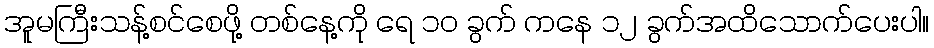
အူမကြီးသန့်စင်စေဖို့ တစ်နေ့ကို ရေ ၁၀ ခွက် ကနေ ၁၂ ခွက်အထိသောက်ပေးပါ။
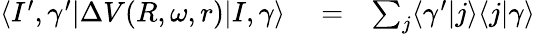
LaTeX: \begin{array}{rlr}{\langle I^{\prime},\gamma^{\prime}|\Delta V(R,\omega,r)|I,\gamma\rangle}&{{}=}&{\sum_{j}\langle\gamma^{\prime}|j\rangle\langle j|\gamma\rangle}\end{array}
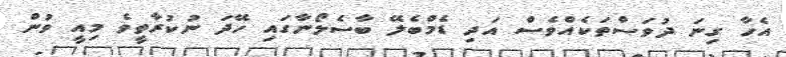
އެހާ ގިނަ ދުވަސްތަކެއްވެސް އަދި ޑެމްބެލޭ ބާސެލޯނާގައި ހޭދަ ނުކުރާތީވެ މިއީ ވުން
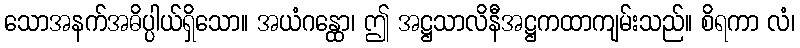
သောအနက်အဓိပ္ပါယ်ရှိသော။ အယံဂန္ထော၊ ဤ အဋ္ဌသာလိနီအဋ္ဌကထာကျမ်းသည်။ စိရကာ လံ၊
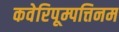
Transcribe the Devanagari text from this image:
कवेरिपूम्पत्तिनम
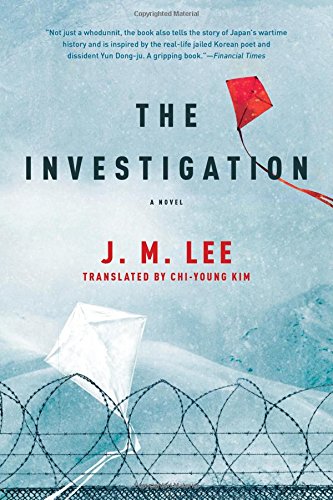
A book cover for The Investigation: A Novel; J. M. Lee; Literature & Fiction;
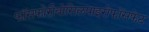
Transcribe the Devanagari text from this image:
फॉसफोरीबोसिलपाइरोफॉसफेट
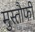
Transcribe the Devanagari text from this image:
मुस्तौफी
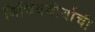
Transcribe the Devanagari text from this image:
विचित्रवीर्याची
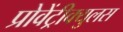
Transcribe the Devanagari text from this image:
प्रोवेंट्रीक्युलस
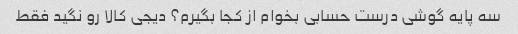
سه پایه گوشی درست حسابی بخوام از کجا بگیرم؟ دیجی کالا رو نگید فقط
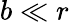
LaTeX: b\ll r
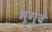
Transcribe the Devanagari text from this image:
भृगुदे
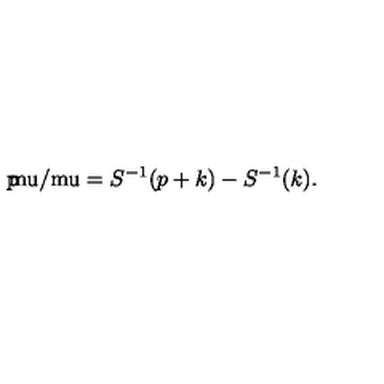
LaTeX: \mathrm { p \mkern - 8 m u / \mkern 0 m u } = S ^ { - 1 } ( p + k ) - S ^ { - 1 } ( k ) .
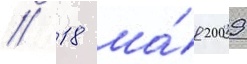
// 18 ма́я 2009
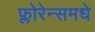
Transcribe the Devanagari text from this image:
फ्लोरेन्समधे
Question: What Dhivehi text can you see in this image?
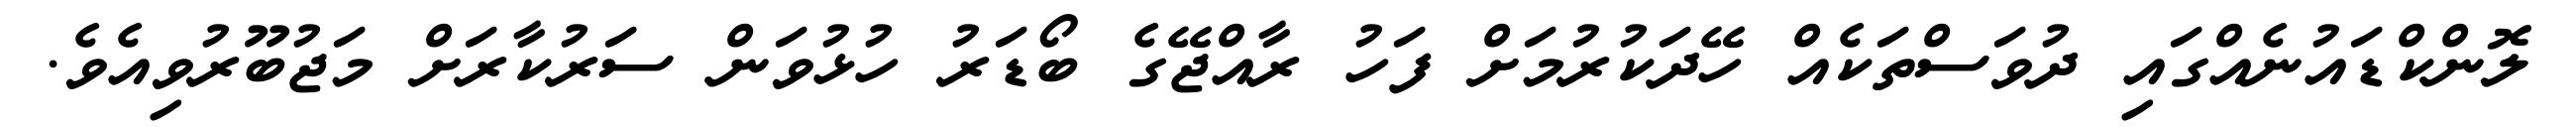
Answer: ލޮންކްޑައުނެއްގައި ދުވަސްތަކެއް ހޭދަކުރުމަށް ފަހު ރާއްޖޭގެ ބޯޑަރު ހުޅުވަން ސަރުކާރަށް މަޖުބޫރުވިއެވެ.
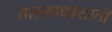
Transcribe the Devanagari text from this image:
तालवाद्यासाठी
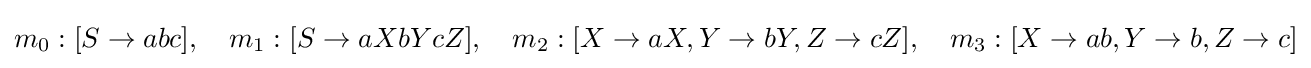
m_{0}:[S\rightarrow abc],\quad m_{1}:[S\rightarrow aXbYcZ],\quad m_{2}:[X\rightarrow aX,Y\rightarrow bY,Z\rightarrow cZ],\quad m_{3}:[X\rightarrow ab,Y\rightarrow b,Z\rightarrow c]
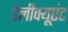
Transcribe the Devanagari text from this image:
डेलीक्यूएंट
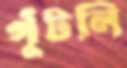
পুঁটলি
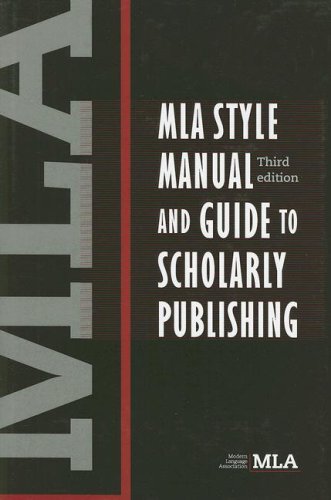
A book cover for MLA Style Manual and Guide to Scholarly Publishing, 3rd Edition; Modern Language Association; Medical Books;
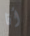
أنا
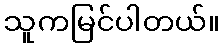
သူကမြင်ပါတယ်။
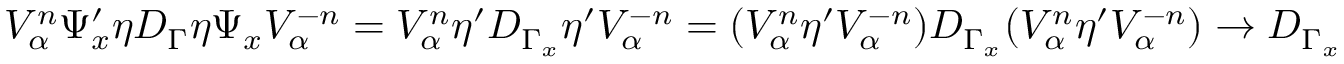
V _ { \alpha } ^ { n } \Psi _ { x } ^ { \prime } \eta D _ { \Gamma } \eta \Psi _ { x } V _ { \alpha } ^ { - n } = V _ { \alpha } ^ { n } \eta ^ { \prime } D _ { \Gamma _ { x } } \eta ^ { \prime } V _ { \alpha } ^ { - n } = ( V _ { \alpha } ^ { n } \eta ^ { \prime } V _ { \alpha } ^ { - n } ) D _ { \Gamma _ { x } } ( V _ { \alpha } ^ { n } \eta ^ { \prime } V _ { \alpha } ^ { - n } ) \to D _ { \Gamma _ { x } }
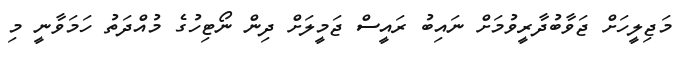
މަޖިލީހަށް ޖަވާބުދާރީވުމަށް ނައިބު ރައީސް ޖަމީލަށް ދިން ނޯޓިހުގެ މުއްދަތު ހަމަވާނީ މި
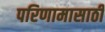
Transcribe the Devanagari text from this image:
परिणामासाठी
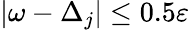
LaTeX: |\omega-\Delta_{j}|\leq 0.5\varepsilon
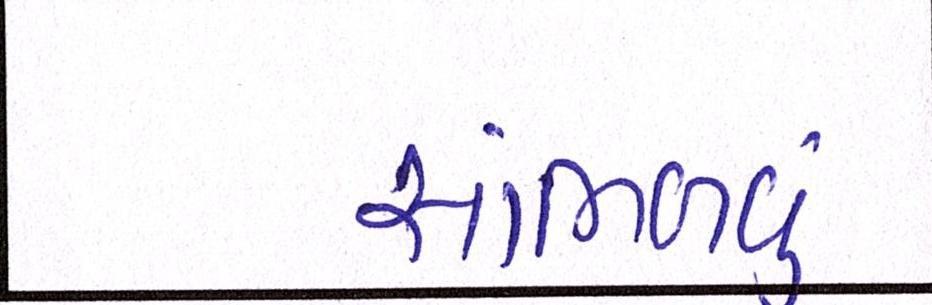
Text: સાંભળવું
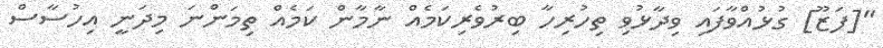
"[ފަޒޫ] ގުޅުއްވާފައި ވިދާޅުވި ތިހުރިހާ ބިރުވެރިކަމެއް ނާމާން ކަމެއް ތިމަންނަ މިދަނީ އިހުސާސް

EXERCISE INSTRUCTIONS: Repeat, word for word, the lines of the material above from the one holding "LaTeX: b\ll r" through the one holding "Question: What Dhivehi". Leave out pictures.

FINISHED EXERCISE:
LaTeX: b\ll r
Transcribe the Devanagari text from this image:
भृगुदे
LaTeX: \mathrm { p \mkern - 8 m u / \mkern 0 m u } = S ^ { - 1 } ( p + k ) - S ^ { - 1 } ( k ) .
// 18 ма́я 2009
Transcribe the Devanagari text from this image:
फ्लोरेन्समधे
Question: What Dhivehi text can you see in this image?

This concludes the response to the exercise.